If you’ve ever been caught in the middle of a disagreement, you know how stressful it can be to fall into the role of the mediator. And if you’ve ever acted as the mediator for a conflict at work, you’ve likely felt the additional pressure of feeling like you have to balance neutrality and empathy. Conflict mediation is stressful no matter how you choose to confront it, but a certain mindset and some key approaches can help you reduce this kind of stress in the workplace.
“A mindset of conflict resolution or peacebuilding is different than a normal, everyday mindset. You have to stay curious and listen to everyone’s side — with total care and respect,” Jeremy Pollack, M.S., an anthropologist and conflict resolution consultant, tells Thrive. “If they do not feel heard or recognized, then resolving any conflict will be almost impossible.” In order to reduce your stress as a mediator while still easing the tension of your colleagues, try implementing these strategies the next time you find yourself caught in the middle.
Refrain from a referee’s mindset
As a conflict mediator, it’s all too easy to feel like you need to be the “referee,” making snap judgments and jumping into the middle of the situation whenever things get heated. Although this might feel like the best — or even the only — way to moderate a tense encounter at work, taking on the role of a “sportscaster” will actually better equip your colleagues to sort things out themselves. Heather Turgeon, M.A., M.F.T., a psychotherapist and author, writes for The New York Times that this method will let the parties involved know that you “acknowledge and respect their struggles, but you’re not immediately jumping in with a solution.”
To give this a try, “imagine you’re a sportscaster, and describe what you see in front of you,” Turgeon says. This helps you to be compassionately direct, while still avoiding alienating coworkers involved in the disagreement. A sportscaster-style statement might sound like this: “I see that both of you are frustrated right now. Alex, you are disappointed because Jane missed her last project deadline by a few hours. Jane, you are upset because Alex didn’t cooperate with your request for some extra help on that project. Am I getting this right?” First stating the facts back without additional input can help diffuse tension.
Separate content from delivery
In the midst of conflict, it is easy to feel overwhelmed by emotion, and say things you might not mean. As a mediator, it’s important to remember this and act accordingly by separating content from delivery. “This means listening to the meaning or intent of what the person is saying, and trying not to react to the anger, sarcasm, or criticism that is typically used to deliver the message in a conflict situation. For example, say, ‘You are being too aggressive right now, but I hear what you are saying,’” Kristin Behfar, Ph.D., a professor of strategic leadership and ethics at The United States Army War College and a researcher on conflict resolution in the workplace, tells Thrive.
Separating content from delivery can be tough; but working at it (and being clear with colleagues about the limits of what you’re willing to tolerate) pays off.
Avoid inserting yourself into the solution
As a conflict mediator, you’re not only tasked with diluting a potentially heated situation, but also protecting your own well-being under pressure.
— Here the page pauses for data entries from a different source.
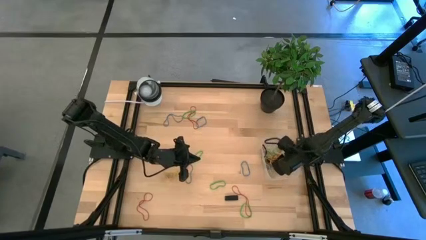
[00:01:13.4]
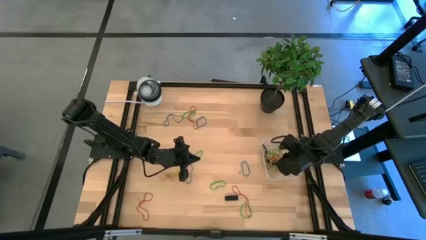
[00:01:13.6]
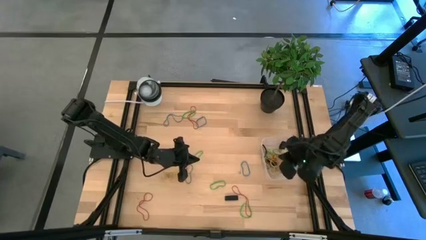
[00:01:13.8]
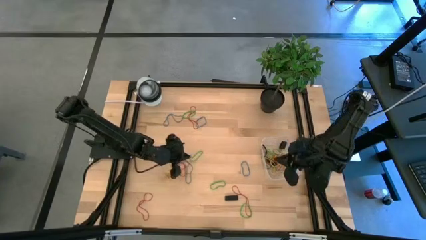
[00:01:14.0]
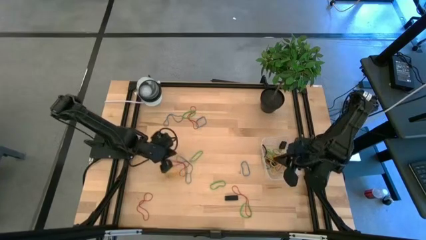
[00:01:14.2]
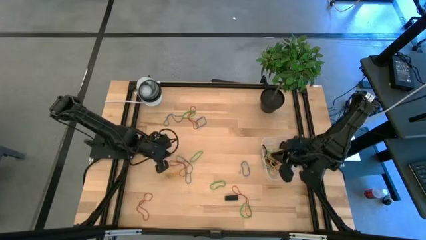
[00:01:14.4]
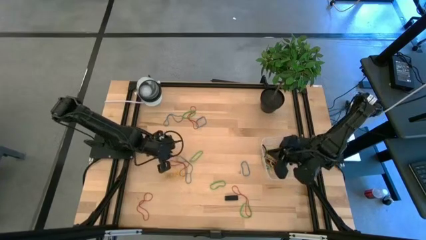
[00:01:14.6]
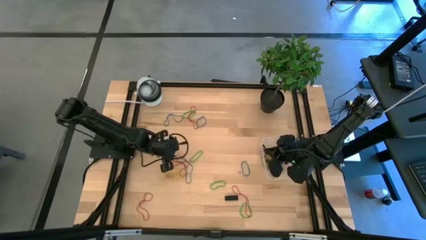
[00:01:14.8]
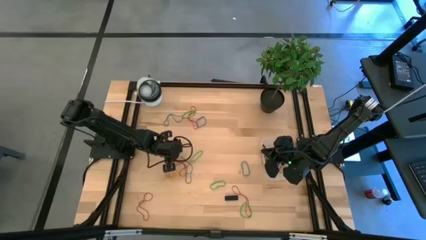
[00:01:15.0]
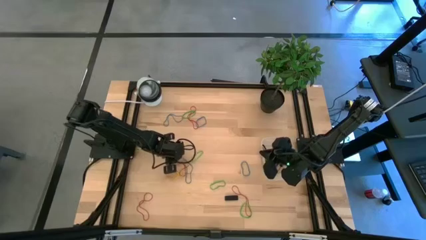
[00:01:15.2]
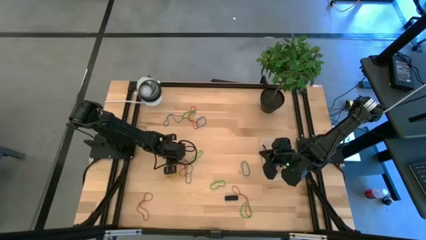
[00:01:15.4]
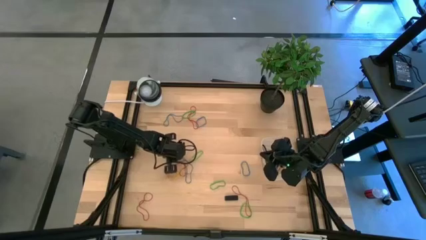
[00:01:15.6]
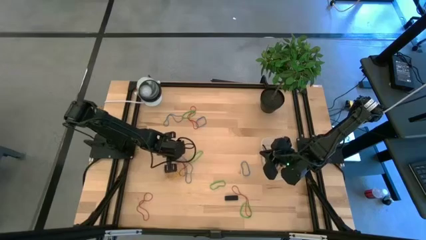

One way to do both is to help your colleagues reach a conclusion on their own, without passing judgment. “There are some words that imply judgment and reflect assumptions that make people more tense. Words or phrases like ‘you should,’ ‘you need to,’ ‘you ought to,’ [or] ‘you must’ reflect only your ideas or conclusions about how the person should solve the problem, rather than inviting the other person to offer you a solution,” Behfar says. Instead of telling your colleagues immediately what you think they should do, ask them questions that lead them to develop their own solution. For example, if the conflict at hand is related to missed deadlines, you could ask, “What are some factors that make the team unable to meet its deadlines?” or “What are some strategies you could implement as a team to make it easier for everyone to meet their deadlines?”
Develop a sense of safety and trust
One of the most crucial components of mediating conflict at work is creating and maintaining an atmosphere of trust. Pollack says the most important building blocks to form that foundation of trust include safety, confidentiality, neutrality, and respect. “If you are honestly going to help co-workers find their way out of conflict, they have to trust your guidance. The only way that can happen is if they know that the conversations around the conflict will be safe,” Pollack says. “They need to know that they will not be negatively affected at work for being honest about how they feel.” And if you promote a culture of compassionate directness, encouraging honesty, that will be inevitable.